Place pot over medium heat, combine blueberry mixture, vanilla bean, cinnamon and lemon zest; simmer for 15 minutes stirring often with a rubber spatula. In a small bowl, combine cornstarch and lemon juice with a fork until smooth. Add the slurry to the blueberry mixture. Watch carefully as you bring the filling to a boil, stir constantly to prevent scorching. Once bubbling, reduce heat to low and simmer until slightly thickened, about 2 to 3 minutes more. Remove from heat, discard vanilla beans and let cool completely. The filling can be made in advance and refrigerated after cooled up to 2 days. To speed up the cooling process, transfer to a rimmed sheet pan spreading out the filling, set pan over a wire rack.
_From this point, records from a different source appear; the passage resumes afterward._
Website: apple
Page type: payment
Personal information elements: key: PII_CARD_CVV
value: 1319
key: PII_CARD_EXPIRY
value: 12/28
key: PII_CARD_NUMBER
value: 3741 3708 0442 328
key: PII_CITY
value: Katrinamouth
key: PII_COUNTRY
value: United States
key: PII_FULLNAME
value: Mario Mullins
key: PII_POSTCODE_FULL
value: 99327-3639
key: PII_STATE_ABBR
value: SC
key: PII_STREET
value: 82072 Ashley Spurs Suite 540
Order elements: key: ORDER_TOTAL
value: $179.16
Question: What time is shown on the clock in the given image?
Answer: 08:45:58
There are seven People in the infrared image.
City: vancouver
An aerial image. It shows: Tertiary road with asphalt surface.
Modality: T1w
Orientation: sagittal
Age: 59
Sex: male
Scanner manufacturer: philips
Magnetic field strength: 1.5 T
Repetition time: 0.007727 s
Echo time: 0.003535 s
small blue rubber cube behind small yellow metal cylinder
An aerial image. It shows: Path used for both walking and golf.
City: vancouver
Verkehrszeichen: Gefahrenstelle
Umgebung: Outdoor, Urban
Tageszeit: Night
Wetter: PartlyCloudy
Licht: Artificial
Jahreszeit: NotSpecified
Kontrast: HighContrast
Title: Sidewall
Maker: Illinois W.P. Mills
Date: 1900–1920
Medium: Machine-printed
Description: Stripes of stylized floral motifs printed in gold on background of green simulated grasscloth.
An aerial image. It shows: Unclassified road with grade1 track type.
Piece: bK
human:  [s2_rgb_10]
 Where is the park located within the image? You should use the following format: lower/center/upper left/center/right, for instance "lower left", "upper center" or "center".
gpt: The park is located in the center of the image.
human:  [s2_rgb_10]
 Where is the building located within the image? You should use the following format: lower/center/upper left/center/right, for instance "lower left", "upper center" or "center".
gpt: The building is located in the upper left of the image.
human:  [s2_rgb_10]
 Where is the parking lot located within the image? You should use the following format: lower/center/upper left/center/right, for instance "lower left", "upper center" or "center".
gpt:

Preheat oven 400°F with rack in middle.
Place pie pan on rimmed half sheet pan. Spoon fully cooled blueberry filling into the prepared pie shell. Place chilled leaves all over the filling overlapping randomly. Bake 15 minutes at 400°F, reduce temperature to 375°F; bake until golden brown and bubbling. About 45 minutes more. If the crust is browning too quickly, cover it loosely with foil. Transfer pie to wire rack, cool completely, about 4 to 5 hours.
Make the salted whipped cream:
Chill bowl of stand mixer, optional. Pour heavy cream into bowl of stand mixer fitted with whisk attachment. Whip heavy cream until soft peaks. Add sour cream and whip for 1 minute more. Make whipped cream before serving or up to 1 hour in advance Served slices of pie with a dollop whipped cream, add a pinch of Jacobsen Salt Co. Pure Kosher Sea Salt.